During the past decade, numerous studies have shown that endogenous and naturally occurring biological molecules, including fatty acids and fatty acid-derivatives, serve as PPARα agonists , . In particular, conjugated linoleic acid (CLA) is well known as a potent PPARα agonist  and treatment with CLA actually increases the catabolism of lipids in the liver in rodents . However, the effects of CLA derivatives on PPARα remain unclear.
Recently, we reported that a particular CLA derivative, 9-oxo-10,12-octadecadienoic acid (9-oxo-ODA), is present in fresh tomato fruit, and serves as a PPARα agonist . In mouse primary hepatocytes, 9-oxo-ODA enhanced fatty acid oxidation via PPARα activation and consequently inhibited triglyceride accumulation . Interestingly, we developed that processed products such as tomato juice contain 13-oxo-9,11-octadecadenoic acid (13-oxo-ODA), an isomer of 9-oxo-ODA, which was not present in fresh tomato fruit .

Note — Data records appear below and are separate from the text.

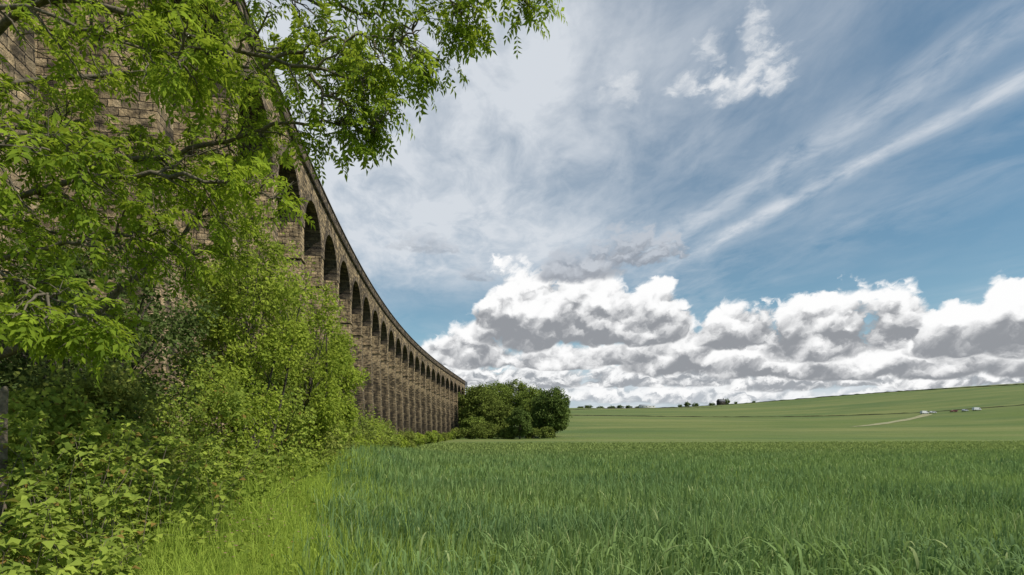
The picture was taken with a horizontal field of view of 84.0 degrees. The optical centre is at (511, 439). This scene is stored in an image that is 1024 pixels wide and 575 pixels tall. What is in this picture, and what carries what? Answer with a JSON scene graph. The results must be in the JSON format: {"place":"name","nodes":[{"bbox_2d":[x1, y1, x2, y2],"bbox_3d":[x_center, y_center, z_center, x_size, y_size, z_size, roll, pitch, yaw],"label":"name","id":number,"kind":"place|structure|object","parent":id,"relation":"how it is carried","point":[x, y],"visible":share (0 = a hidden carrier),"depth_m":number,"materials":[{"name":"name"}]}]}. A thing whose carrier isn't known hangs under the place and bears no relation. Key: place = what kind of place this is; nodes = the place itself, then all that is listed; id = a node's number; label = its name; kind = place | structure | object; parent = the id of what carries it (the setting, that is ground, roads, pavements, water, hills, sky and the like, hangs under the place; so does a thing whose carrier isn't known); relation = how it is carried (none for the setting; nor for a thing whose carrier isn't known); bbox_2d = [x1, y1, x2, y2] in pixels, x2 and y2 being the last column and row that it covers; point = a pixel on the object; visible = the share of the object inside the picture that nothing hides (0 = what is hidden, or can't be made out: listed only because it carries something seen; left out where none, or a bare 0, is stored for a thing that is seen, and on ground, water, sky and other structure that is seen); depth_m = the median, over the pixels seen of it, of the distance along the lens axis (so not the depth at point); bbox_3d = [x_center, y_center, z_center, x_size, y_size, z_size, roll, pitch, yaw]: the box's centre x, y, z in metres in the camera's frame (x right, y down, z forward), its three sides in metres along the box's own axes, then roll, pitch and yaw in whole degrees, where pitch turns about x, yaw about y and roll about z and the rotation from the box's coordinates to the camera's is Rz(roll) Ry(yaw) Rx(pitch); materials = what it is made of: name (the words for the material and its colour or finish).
{"place":"outdoors","nodes":[
{"label":"outdoors","id":0,"kind":"place"},
{"bbox_2d":[0,442,618,574],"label":"verge grass","id":1,"kind":"structure","parent":0,"point":[277,550],"depth_m":8.12,"materials":[{"name":"green plant"}]},
{"bbox_2d":[232,383,1023,563],"bbox_3d":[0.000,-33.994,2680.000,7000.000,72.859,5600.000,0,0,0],"label":"ground","id":2,"kind":"structure","parent":0,"point":[711,424],"depth_m":344.28,"materials":[{"name":"green plant"}]},
{"bbox_2d":[0,386,8,552],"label":"fence post","id":3,"kind":"object","parent":2,"relation":"on","point":[4,393],"visible":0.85,"depth_m":5.98,"materials":[{"name":"grey wood"}]},
{"bbox_2d":[0,525,96,574],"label":"bramble","id":4,"kind":"object","parent":2,"relation":"on","point":[14,542],"visible":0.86,"depth_m":4.19,"materials":[{"name":"green plant"}]},
{"bbox_2d":[0,465,142,574],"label":"bramble","id":5,"kind":"object","parent":2,"relation":"on","point":[56,511],"visible":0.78,"depth_m":4.92,"materials":[{"name":"green plant"}]},
{"bbox_2d":[2,527,142,574],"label":"bramble","id":6,"kind":"object","parent":2,"relation":"on","point":[86,559],"visible":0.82,"depth_m":4.47,"materials":[{"name":"green plant"}]},
{"bbox_2d":[0,357,168,493],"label":"shrub","id":7,"kind":"object","parent":2,"relation":"on","point":[34,378],"visible":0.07,"depth_m":9.45,"materials":[{"name":"green plant"}]},
{"bbox_2d":[15,338,153,410],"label":"shrub","id":8,"kind":"object","parent":2,"relation":"on","point":[74,366],"visible":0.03,"depth_m":11.79,"materials":[{"name":"green plant"}]},
{"bbox_2d":[4,363,168,538],"bbox_3d":[-5.824,0.499,6.941,2.754,3.012,2.688,0,0,0],"label":"shrub","id":9,"kind":"object","parent":2,"relation":"on","point":[60,426],"visible":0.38,"depth_m":6.83,"materials":[{"name":"green plant"}]},
{"bbox_2d":[0,387,173,560],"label":"bramble","id":10,"kind":"object","parent":2,"relation":"on","point":[148,451],"visible":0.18,"depth_m":6.96,"materials":[{"name":"green plant"}]},
{"bbox_2d":[0,409,184,574],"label":"bramble","id":11,"kind":"object","parent":2,"relation":"on","point":[20,508],"visible":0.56,"depth_m":5.75,"materials":[{"name":"green plant"}]},
{"bbox_2d":[7,256,183,429],"bbox_3d":[-11.207,-1.775,14.579,4.798,5.826,4.303,0,0,40],"label":"hawthorn bush","id":12,"kind":"object","parent":2,"relation":"on","point":[155,310],"visible":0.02,"depth_m":14.49,"materials":[{"name":"green plant"}]},
{"bbox_2d":[0,351,205,500],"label":"shrub","id":13,"kind":"object","parent":2,"relation":"on","point":[114,390],"visible":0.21,"depth_m":9.16,"materials":[{"name":"green plant"}]},
{"bbox_2d":[0,206,226,439],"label":"hawthorn bush","id":14,"kind":"object","parent":2,"relation":"on","point":[185,326],"visible":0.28,"depth_m":11.04,"materials":[{"name":"green plant"}]},
{"bbox_2d":[79,415,237,530],"bbox_3d":[-5.668,0.636,8.701,2.250,2.176,3.304,0,0,-18],"label":"bramble","id":15,"kind":"object","parent":2,"relation":"on","point":[195,455],"visible":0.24,"depth_m":9.19,"materials":[{"name":"green plant"}]},
{"bbox_2d":[39,440,279,570],"bbox_3d":[-4.636,0.944,7.650,2.916,1.968,2.193,0,0,-25],"label":"bramble","id":16,"kind":"object","parent":2,"relation":"on","point":[159,494],"visible":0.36,"depth_m":7.58,"materials":[{"name":"green plant"}]},
{"bbox_2d":[124,342,268,484],"bbox_3d":[-6.980,-0.259,12.075,3.163,3.717,3.343,0,0,0],"label":"shrub","id":17,"kind":"object","parent":2,"relation":"on","point":[174,422],"visible":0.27,"depth_m":11.97,"materials":[{"name":"green plant"}]},
{"bbox_2d":[150,428,310,523],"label":"bramble","id":18,"kind":"object","parent":2,"relation":"on","point":[218,453],"visible":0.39,"depth_m":10.56,"materials":[{"name":"green plant"}]},
{"bbox_2d":[166,356,297,472],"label":"shrub","id":19,"kind":"object","parent":2,"relation":"on","point":[231,375],"visible":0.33,"depth_m":13.86,"materials":[{"name":"green plant"}]},
{"bbox_2d":[0,0,466,461],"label":"viaduct","id":20,"kind":"object","parent":2,"relation":"on","point":[413,384],"visible":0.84,"depth_m":48.73,"materials":[{"name":"stone"}]},
{"bbox_2d":[174,430,300,502],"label":"bramble","id":21,"kind":"object","parent":2,"relation":"on","point":[256,463],"visible":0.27,"depth_m":12.89,"materials":[{"name":"green plant"}]},
{"bbox_2d":[167,240,313,446],"bbox_3d":[-8.772,-2.747,18.500,4.464,7.712,3.818,0,0,-16],"label":"willow shrub","id":22,"kind":"object","parent":2,"relation":"on","point":[183,352],"visible":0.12,"depth_m":18.05,"materials":[{"name":"green plant"}]},
{"bbox_2d":[171,199,323,460],"bbox_3d":[-7.189,-2.854,15.986,3.736,8.057,3.797,0,0,0],"label":"willow shrub","id":23,"kind":"object","parent":2,"relation":"on","point":[229,330],"visible":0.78,"depth_m":15.55,"materials":[{"name":"green plant"}]},
{"bbox_2d":[208,502,299,556],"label":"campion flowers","id":24,"kind":"object","parent":2,"relation":"on","point":[259,526],"visible":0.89,"depth_m":7.58,"materials":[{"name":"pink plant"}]},
{"bbox_2d":[213,371,323,466],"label":"shrub","id":25,"kind":"object","parent":2,"relation":"on","point":[292,420],"visible":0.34,"depth_m":17.07,"materials":[{"name":"green plant"}]},
{"bbox_2d":[223,317,322,441],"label":"shrub","id":26,"kind":"object","parent":2,"relation":"on","point":[282,370],"visible":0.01,"depth_m":22.67,"materials":[{"name":"green plant"}]},
{"bbox_2d":[0,0,567,389],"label":"ash tree","id":27,"kind":"object","parent":2,"relation":"on","point":[75,154],"visible":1,"depth_m":6.40,"materials":[{"name":"green plant"}]},
{"bbox_2d":[238,439,336,484],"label":"bramble","id":28,"kind":"object","parent":2,"relation":"on","point":[284,458],"visible":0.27,"depth_m":15.66,"materials":[{"name":"green plant"}]},
{"bbox_2d":[265,394,348,458],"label":"shrub","id":29,"kind":"object","parent":2,"relation":"on","point":[328,442],"visible":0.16,"depth_m":19.81,"materials":[{"name":"green plant"}]},
{"bbox_2d":[262,277,356,455],"bbox_3d":[-7.000,-2.310,19.852,3.282,6.997,3.452,0,0,0],"label":"willow shrub","id":30,"kind":"object","parent":2,"relation":"on","point":[326,367],"visible":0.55,"depth_m":19.57,"materials":[{"name":"green plant"}]},
{"bbox_2d":[280,448,354,475],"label":"bramble","id":31,"kind":"object","parent":2,"relation":"on","point":[329,458],"visible":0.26,"depth_m":19.05,"materials":[{"name":"green plant"}]},
{"bbox_2d":[312,405,356,458],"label":"shrub","id":32,"kind":"object","parent":2,"relation":"on","point":[344,435],"visible":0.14,"depth_m":23.50,"materials":[{"name":"green plant"}]},
{"bbox_2d":[305,329,369,442],"bbox_3d":[-7.637,-1.941,24.441,3.142,6.095,3.227,0,0,0],"label":"ash sapling","id":33,"kind":"object","parent":2,"relation":"on","point":[351,381],"visible":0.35,"depth_m":24.36,"materials":[{"name":"green plant"}]},
{"bbox_2d":[342,416,358,452],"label":"shrub","id":34,"kind":"object","parent":2,"relation":"on","point":[353,434],"visible":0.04,"depth_m":27.41,"materials":[{"name":"green plant"}]},
{"bbox_2d":[347,420,373,447],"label":"shrub","id":35,"kind":"object","parent":2,"relation":"on","point":[357,438],"visible":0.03,"depth_m":31.31,"materials":[{"name":"green plant"}]},
{"bbox_2d":[348,396,389,445],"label":"shrub","id":36,"kind":"object","parent":2,"relation":"on","point":[371,432],"visible":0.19,"depth_m":51.83,"materials":[{"name":"green plant"}]},
{"bbox_2d":[354,402,384,446],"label":"shrub","id":37,"kind":"object","parent":2,"relation":"on","point":[367,426],"visible":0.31,"depth_m":46.89,"materials":[{"name":"green plant"}]},
{"bbox_2d":[361,425,390,447],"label":"shrub","id":38,"kind":"object","parent":2,"relation":"on","point":[375,437],"visible":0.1,"depth_m":58.05,"materials":[{"name":"green plant"}]},
{"bbox_2d":[356,414,402,445],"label":"shrub","id":39,"kind":"object","parent":2,"relation":"on","point":[381,430],"visible":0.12,"depth_m":63.81,"materials":[{"name":"green plant"}]},
{"bbox_2d":[371,416,395,436],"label":"shrub","id":40,"kind":"object","parent":2,"relation":"on","point":[386,425],"visible":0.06,"depth_m":79.35,"materials":[{"name":"green plant"}]},
{"bbox_2d":[378,429,401,447],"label":"shrub","id":41,"kind":"object","parent":2,"relation":"on","point":[394,442],"visible":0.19,"depth_m":69.17,"materials":[{"name":"green plant"}]},
{"bbox_2d":[381,420,402,447],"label":"shrub","id":42,"kind":"object","parent":2,"relation":"on","point":[386,422],"visible":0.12,"depth_m":85.79,"materials":[{"name":"green plant"}]},
{"bbox_2d":[392,434,410,448],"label":"shrub","id":43,"kind":"object","parent":2,"relation":"on","point":[404,442],"visible":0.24,"depth_m":95.81,"materials":[{"name":"green plant"}]},
{"bbox_2d":[395,429,416,447],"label":"shrub","id":44,"kind":"object","parent":2,"relation":"on","point":[409,436],"visible":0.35,"depth_m":104.01,"materials":[{"name":"green plant"}]},
{"bbox_2d":[404,431,421,447],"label":"shrub","id":45,"kind":"object","parent":2,"relation":"on","point":[417,440],"visible":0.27,"depth_m":112.73,"materials":[{"name":"green plant"}]},
{"bbox_2d":[416,432,424,445],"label":"shrub","id":46,"kind":"object","parent":2,"relation":"on","point":[420,435],"visible":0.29,"depth_m":129.19,"materials":[{"name":"green plant"}]},
{"bbox_2d":[424,431,437,443],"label":"shrub","id":47,"kind":"object","parent":2,"relation":"on","point":[430,437],"visible":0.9,"depth_m":145.81,"materials":[{"name":"green plant"}]},
{"bbox_2d":[432,430,443,441],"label":"shrub","id":48,"kind":"object","parent":2,"relation":"on","point":[434,431],"visible":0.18,"depth_m":163.41,"materials":[{"name":"green plant"}]},
{"bbox_2d":[440,432,447,440],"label":"shrub","id":49,"kind":"object","parent":2,"relation":"on","point":[445,436],"visible":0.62,"depth_m":171.31,"materials":[{"name":"green plant"}]},
{"bbox_2d":[447,432,453,439],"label":"shrub","id":50,"kind":"object","parent":2,"relation":"on","point":[449,435],"visible":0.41,"depth_m":179.68,"materials":[{"name":"green plant"}]},
{"bbox_2d":[453,427,472,438],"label":"shrub","id":51,"kind":"object","parent":2,"relation":"on","point":[463,433],"visible":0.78,"depth_m":194.42,"materials":[{"name":"green plant"}]},
{"bbox_2d":[458,416,486,437],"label":"tree","id":52,"kind":"object","parent":2,"relation":"on","point":[470,422],"visible":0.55,"depth_m":204.88,"materials":[{"name":"green plant"}]},
{"bbox_2d":[458,386,486,423],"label":"tree","id":53,"kind":"object","parent":2,"relation":"on","point":[460,402],"visible":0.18,"depth_m":233.56,"materials":[{"name":"green plant"}]},
{"bbox_2d":[469,425,490,438],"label":"shrub","id":54,"kind":"object","parent":2,"relation":"on","point":[480,432],"visible":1,"depth_m":192.54,"materials":[{"name":"green plant"}]},
{"bbox_2d":[460,383,501,420],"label":"tree","id":55,"kind":"object","parent":2,"relation":"on","point":[479,394],"visible":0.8,"depth_m":217.99,"materials":[{"name":"green plant"}]},
{"bbox_2d":[477,421,498,436],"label":"tree","id":56,"kind":"object","parent":2,"relation":"on","point":[488,424],"visible":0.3,"depth_m":200.23,"materials":[{"name":"green plant"}]},
{"bbox_2d":[486,426,505,438],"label":"shrub","id":57,"kind":"object","parent":2,"relation":"on","point":[496,430],"visible":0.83,"depth_m":194.79,"materials":[{"name":"green plant"}]},
{"bbox_2d":[483,400,514,436],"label":"tree","id":58,"kind":"object","parent":2,"relation":"on","point":[498,413],"visible":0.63,"depth_m":210.67,"materials":[{"name":"green plant"}]},
{"bbox_2d":[482,380,516,404],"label":"tree","id":59,"kind":"object","parent":2,"relation":"on","point":[507,391],"visible":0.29,"depth_m":241.78,"materials":[{"name":"green plant"}]},
{"bbox_2d":[499,428,517,438],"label":"shrub","id":60,"kind":"object","parent":2,"relation":"on","point":[508,435],"visible":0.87,"depth_m":192.75,"materials":[{"name":"green plant"}]},
{"bbox_2d":[499,378,526,424],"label":"tree","id":61,"kind":"object","parent":2,"relation":"on","point":[522,386],"visible":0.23,"depth_m":247.69,"materials":[{"name":"green plant"}]},
{"bbox_2d":[503,406,533,438],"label":"tree","id":62,"kind":"object","parent":2,"relation":"on","point":[522,419],"visible":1,"depth_m":190.39,"materials":[{"name":"green plant"}]},
{"bbox_2d":[512,384,543,412],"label":"tree","id":63,"kind":"object","parent":2,"relation":"on","point":[528,392],"visible":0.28,"depth_m":236.60,"materials":[{"name":"green plant"}]},
{"bbox_2d":[514,398,542,430],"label":"tree","id":64,"kind":"object","parent":2,"relation":"on","point":[526,406],"visible":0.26,"depth_m":213.16,"materials":[{"name":"green plant"}]},
{"bbox_2d":[524,427,542,438],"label":"shrub","id":65,"kind":"object","parent":2,"relation":"on","point":[533,434],"visible":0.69,"depth_m":194.66,"materials":[{"name":"green plant"}]},
{"bbox_2d":[538,426,554,438],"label":"shrub","id":66,"kind":"object","parent":2,"relation":"on","point":[549,432],"visible":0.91,"depth_m":195.75,"materials":[{"name":"green plant"}]},
{"bbox_2d":[528,386,571,428],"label":"tree","id":67,"kind":"object","parent":2,"relation":"on","point":[551,409],"visible":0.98,"depth_m":201.55,"materials":[{"name":"green plant"}]},
{"bbox_2d":[553,414,568,436],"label":"tree","id":68,"kind":"object","parent":2,"relation":"on","point":[561,428],"visible":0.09,"depth_m":212.07,"materials":[{"name":"green plant"}]},
{"bbox_2d":[256,443,1023,574],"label":"wheat field","id":69,"kind":"structure","parent":2,"relation":"on","point":[859,511],"depth_m":10.29,"materials":[{"name":"green plant"}]},
{"bbox_2d":[570,406,721,409],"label":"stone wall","id":70,"kind":"structure","parent":2,"relation":"on","point":[628,408],"depth_m":602.03,"materials":[{"name":"grey stone"}]},
{"bbox_2d":[639,404,654,407],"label":"barn","id":71,"kind":"structure","parent":2,"relation":"on","point":[646,405],"depth_m":850.79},
{"bbox_2d":[409,440,1023,451],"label":"pale crop","id":72,"kind":"object","parent":2,"relation":"on","point":[884,444],"visible":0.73,"depth_m":116.97,"materials":[{"name":"green plant"}]},
{"bbox_2d":[716,398,724,404],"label":"farmhouse","id":73,"kind":"object","parent":2,"relation":"on","point":[720,401],"visible":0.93,"depth_m":822.47,"materials":[{"name":"stone"}]},
{"bbox_2d":[571,404,1023,416],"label":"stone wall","id":74,"kind":"structure","parent":2,"relation":"on","point":[786,416],"depth_m":421.99,"materials":[{"name":"grey stone"}]},
{"bbox_2d":[647,384,1023,407],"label":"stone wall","id":75,"kind":"structure","parent":2,"relation":"on","point":[851,394],"depth_m":695.86,"materials":[{"name":"grey stone"}]},
{"bbox_2d":[245,0,1023,407],"label":"sky","id":76,"kind":"structure","parent":0,"point":[660,203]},
{"bbox_2d":[853,414,931,426],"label":"path","id":77,"kind":"structure","parent":0,"point":[920,416],"depth_m":354.24,"materials":[{"name":"beige soil"}]}
]}

In this study, we explored whether 13-oxo-ODA acts as a PPARα agonist in vitro and ameliorates dyslipidemia and hepatic steatosis in vivo. Treatment with 13-oxo-ODA activated PPARα in mouse primary hepatocytes. Furthermore, treatment of obese diabetic KK-Ay mice with 13-oxo-ODA suppressed the increase in plasma and hepatic triglyceride (TG) levels resulting from a high-fat diet (HFD), through PPARα activation in peripheral tissues such as the liver and skeletal muscle. In addition, 13-oxo-ODA treatment decreased the plasma glucose level and increased glucose the tolerance ability in the 13-oxo-ODA-fed mice, as has been shown for other PPARα agonists. These findings indicate that 13-oxo-ODA has a possibility to improve the disorder of lipid and carbohydrate metabolism, via PPARα activation.
Materials and Methods
Plant materials and chemicals
The compound 13-oxo-9,11-ODA was synthesized by Shinsei Chemical Company, Ltd. (Osaka, Japan), and 9,11-octadecadienic acid (conjugated linoleic acid; CLA) was purchased from Cayman Chemical (MI, U.S.A). All other chemicals were purchased from Sigma (MO, U.S.A), Wako (Osaka, Japan), or Nacalai Tesque (Kyoto, Japan), and were guaranteed to be of reagent grade or tissue-culture grade.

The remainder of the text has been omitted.